First, philosophers of mind were looking for a way to offer some sort of teleological or quasi-teleological grounding for functional ascriptions in a way that constrained the types of structures that could instantiate the functional systems. Teleofunctionalism in philosophy of mind seemed able to evacuate problems that functionalism had with, for example, inverted qualia, or malfunctioning traits in general. This teleofunctionalism was cashed out in evolutionary terms.
Another reason for the focus of functional arguments on evolutionary biology is that, and this is more a sociological point than a philosophical one, most philosophers of biology for the last 40 years have focused their inquiry evolutionary theory, in part because it appears prima facie to be the best candidate for a unifying theory of biological explanations, something that developmental biology or cell biology cannot hope to achieve.
In this context, it is not surprising that theories of function grounded on history have been favoured: evolutionary history appears to get philosophy of mind out of theoretical binds while warranting philosophy of biology’s focus on evolutionary biology instead of focusing on other biological disciplines.

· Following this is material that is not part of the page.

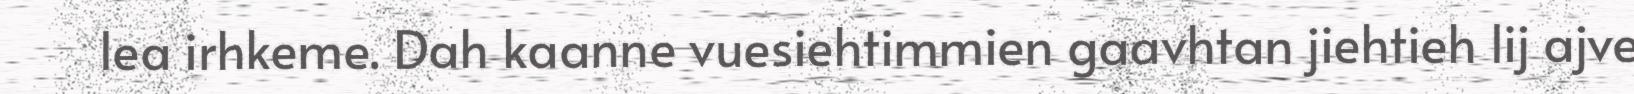
lea irhkeme. Dah kaanne vuesiehtimmien gaavhtan jiehtieh lij ajve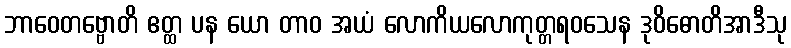
ဘာဝေတဗ္ဗောတိ ဧတ္ထ ပန ယော တာဝ အယံ လောကိယလောကုတ္တရဝသေန ဒုဝိဓောတိအာဒီသု

What is not always recognized however is that evolutionary history will not always vindicate historical functional theories. Even though evolutionary biology has to look at selection history which seems to warrant a Wright-like function theory (Wright 1973, 1976), some evolutionary explanations necessitate nonhistorical functional ascriptions. For most readers of this book, this is probably not a novel point although it is still somewhat controversial. Amundson and Lauder in their oft-quoted 1994 paper (reprinted in Allen et al. 1998) argue for functional pluralism, that is, we should entertain both historical and nonhistorical functional theories since they are both necessary for biological discovery; Amundson and Lauder use examples from physiology and other biological fields that cannot be said to use historical functional concepts and show that they are necessary for evolutionary explanations. More recently, Griffiths (2006) has offered a similar argument using developmental biology (although he uses this example not to defend a pluralist view but something more akin to a monist nonhistorical functional theory). After briefly discussing this pluralist line of argument, I will use examples stemming from ecology to show that nonhistorical functions are necessary for biological explanations.

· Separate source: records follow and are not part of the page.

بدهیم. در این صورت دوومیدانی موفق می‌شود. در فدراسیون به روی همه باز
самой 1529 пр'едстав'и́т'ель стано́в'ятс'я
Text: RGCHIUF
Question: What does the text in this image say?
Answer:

But I will add a twist; I will show how these nonhistorical functions are necessary not only for ecology but for evolutionary biology and play an even larger role than what was described by Amundson and Lauder. This result is somewhat ironic since it would show that some aspects of evolutionary explanations do not depend on past history… Propensity accounts (or dispositional, or forward-looking accounts) of functions are truly necessary, which reduces (but does not eliminate) the relative importance of historical functions in evolutionary explanations. As we shall see, this point has been made before, but the support provided here is novel and more importantly shows the scientific urgency of thinking about these questions.
2 Diversity Rules
Wright (1973, 1976) famously described an etiological thesis where the function must be understood as an explanation of the persistence of an entity through time. As many have pointed out (e.g. Boorse 1976; Godfrey-Smith 1998; Millikan 1989), notice that this description does not entail that historicity only concerns biological entities although evolutionary theory puts this historicity in a plausible natural context. Non-biological entities also exist for a period of time; anything that contributes to the object’s continuing existence is to be considered functionally. Millikan’s account of proper functions (Millikan 1989, 1993) may be a good example of Wright functions but one that wishes to be geared towards biological entities. Millikan, herself, rejects the idea that she is merely exposing a refined Wright function.Footnote 1
The difference between the two theories would be concerning the concept of origin. According to Millikan, Wright speaks of etiology without talking about specific origins of the entities and their functions. Whether this is enough to distinguish Millikan’s thesis from Wright’s is arguable. I am inclined to say that Millikan’s proper functions are but a special case of Wright functions: this special instantiation could be seen as purely biological. This point will not be examined further here. Whatever the degree of similarity or affinity between Wright’s and Millikan’s account, the fact remains that both rely on a notion of past selected effects and therefore on processes that have unfolded in the past, that is, historically. Neander and Godfrey-Smith (among others) have added further precisions to this account but the details will not concern us here.
The other functionalist camp rejects this historicity. Cummins (1975) argues that it is the now that science is interested in, and as such, it would be misleading to understand functions exclusively relative to their origin. Evolutionary theory is not needed to identify biological function. This is not surprising per se since Cummins himself is interested only in the concept of function as it is used in psychology, but others have used his concept in biology. In Cummins’ view, functional explanations reflect the contribution of a capacity to the overall capacity of the system. The understanding of such capacity is ahistorical because actual capacities do not necessarily reflect the original goal or the purpose of the system. This means that we should only examine how the system is working at moment t1 and try to figure out how the different parts of the system work together at t1.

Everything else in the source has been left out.